[Your assignment]
Print every line below exactly. Skip the pictures.
——
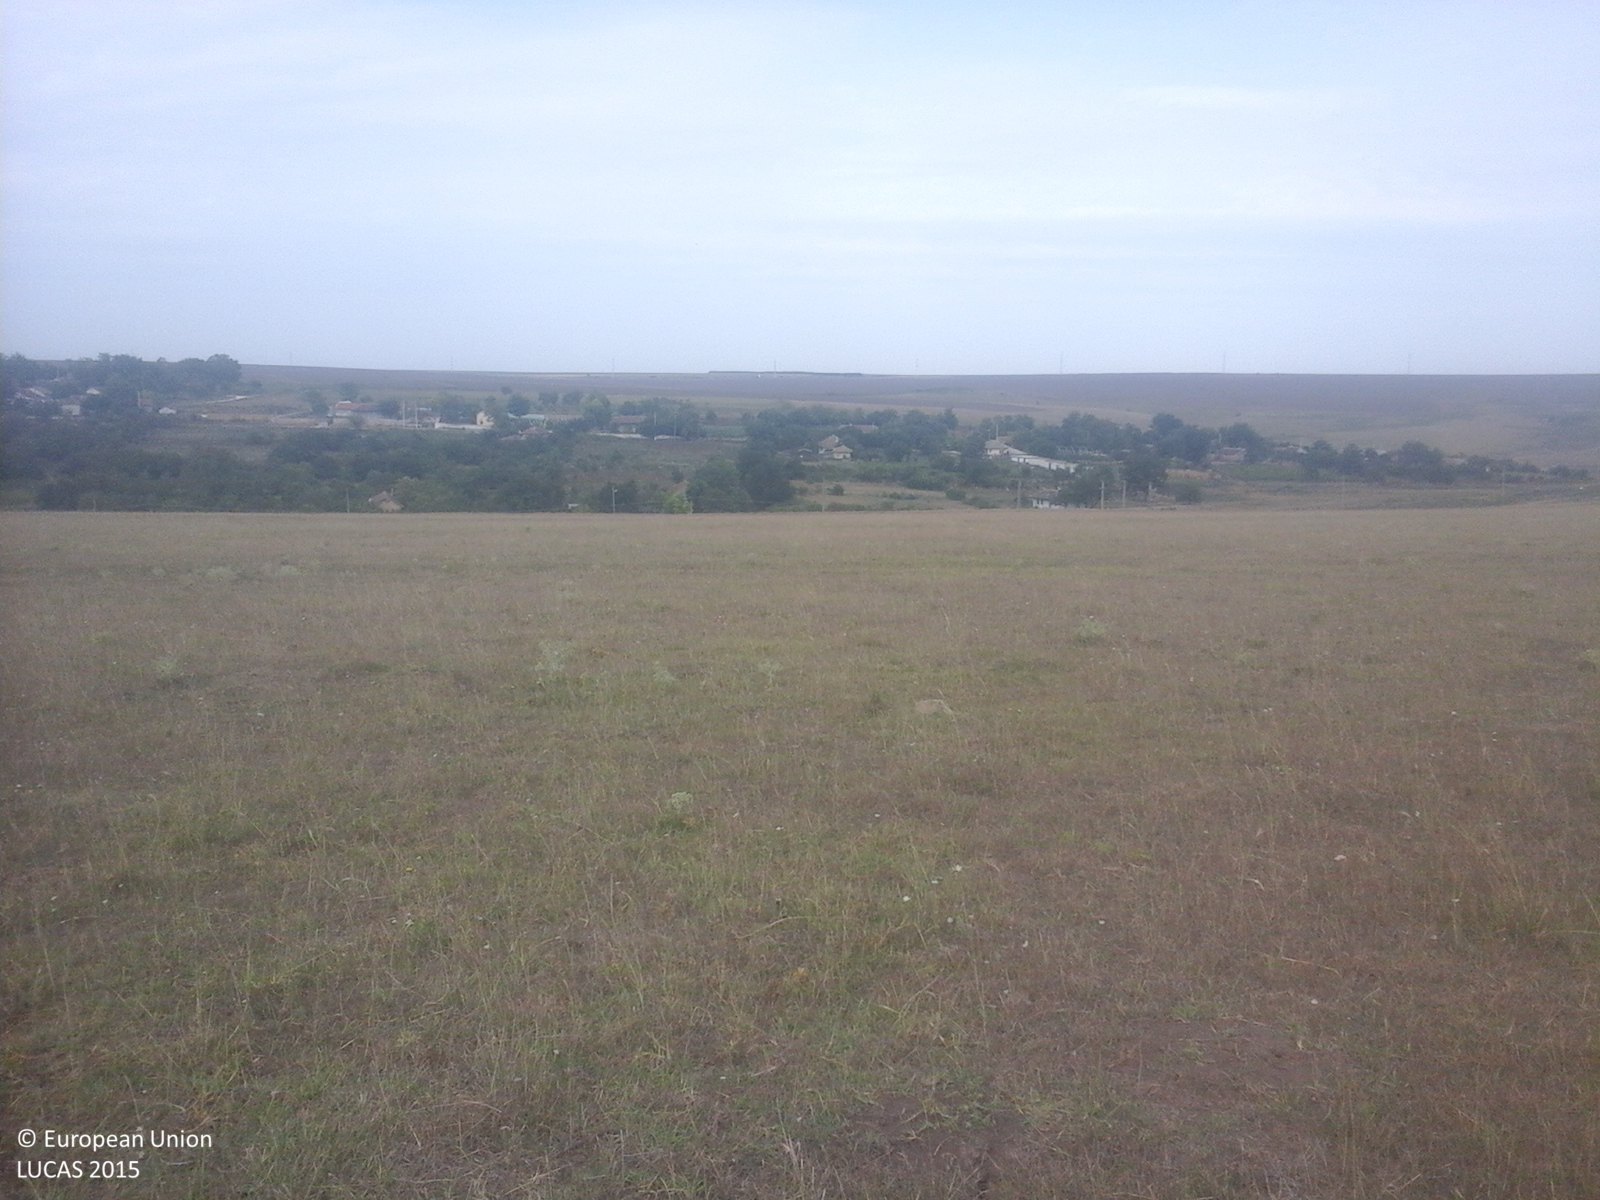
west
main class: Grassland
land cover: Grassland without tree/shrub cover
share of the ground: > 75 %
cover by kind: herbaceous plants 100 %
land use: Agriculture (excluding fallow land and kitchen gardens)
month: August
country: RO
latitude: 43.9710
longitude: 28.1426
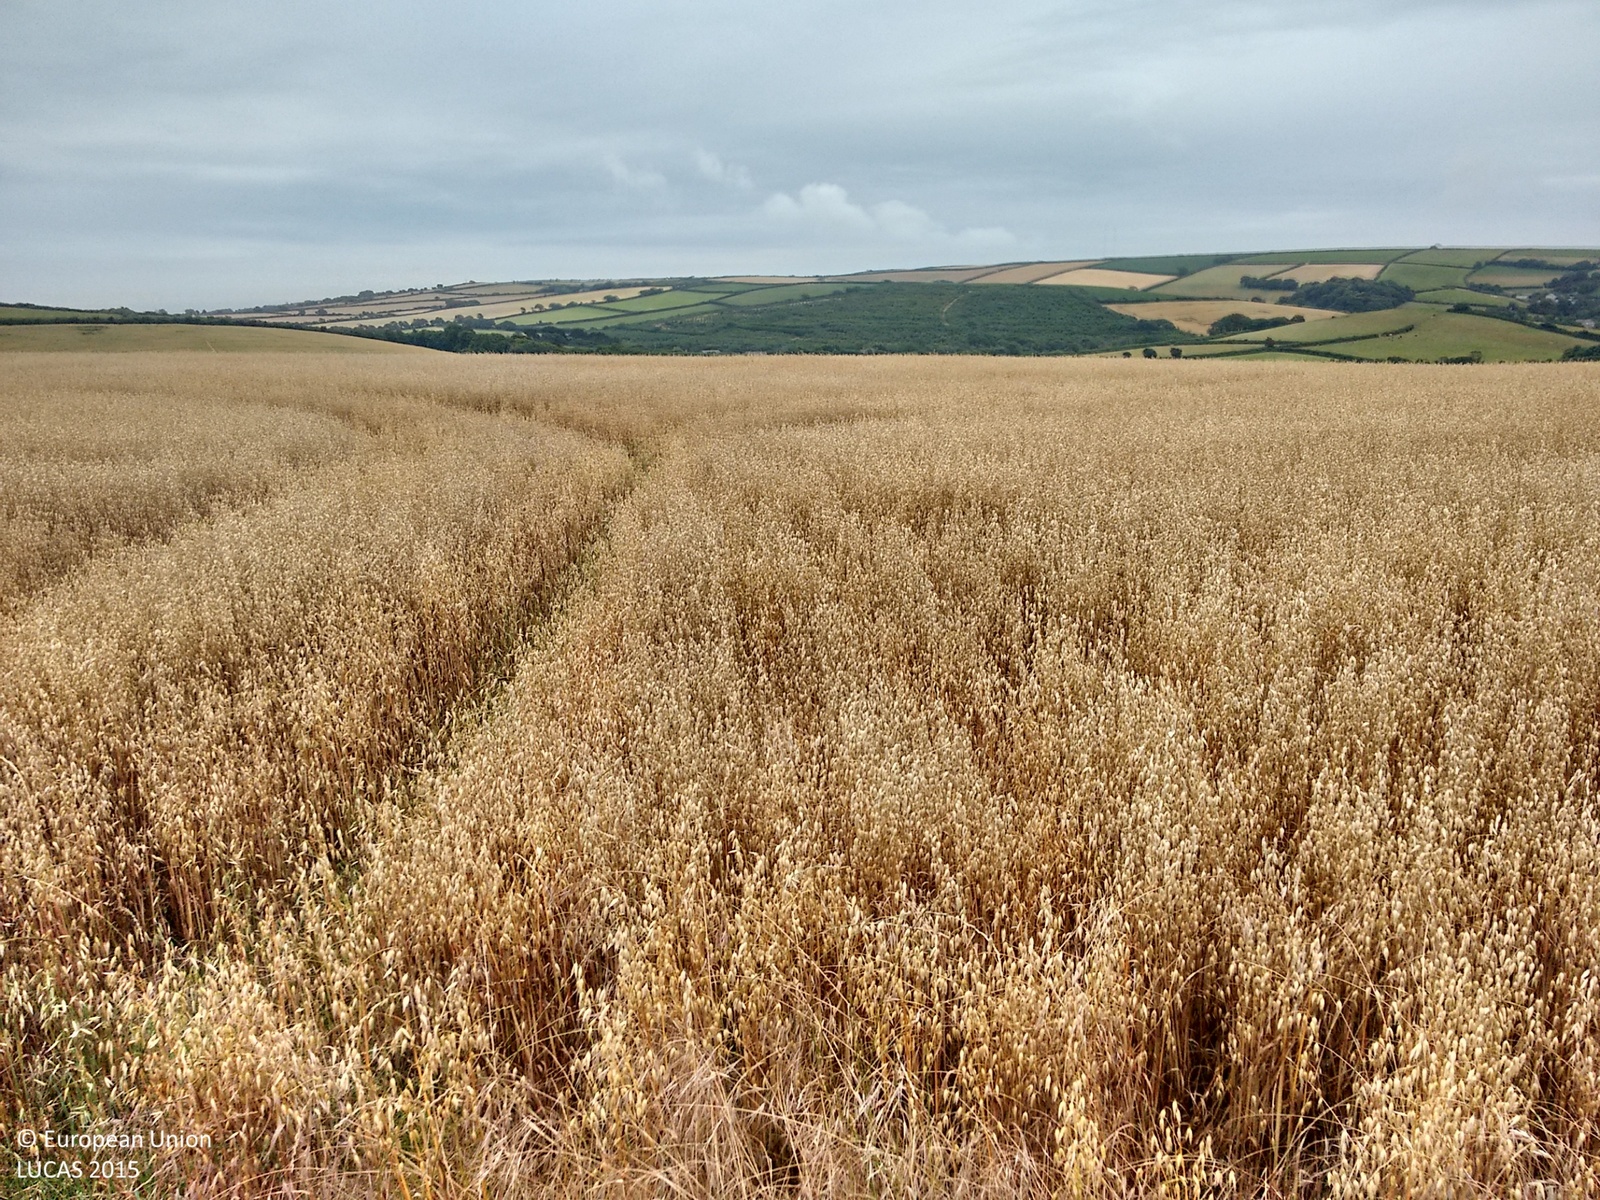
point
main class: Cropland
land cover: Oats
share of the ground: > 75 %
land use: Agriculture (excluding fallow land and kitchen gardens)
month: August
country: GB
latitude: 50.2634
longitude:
——
[Output of the task]
west
main class: Grassland
land cover: Grassland without tree/shrub cover
share of the ground: > 75 %
cover by kind: herbaceous plants 100 %
land use: Agriculture (excluding fallow land and kitchen gardens)
month: August
country: RO
latitude: 43.9710
longitude: 28.1426
point
main class: Cropland
land cover: Oats
share of the ground: > 75 %
land use: Agriculture (excluding fallow land and kitchen gardens)
month: August
country: GB
latitude: 50.2634
longitude:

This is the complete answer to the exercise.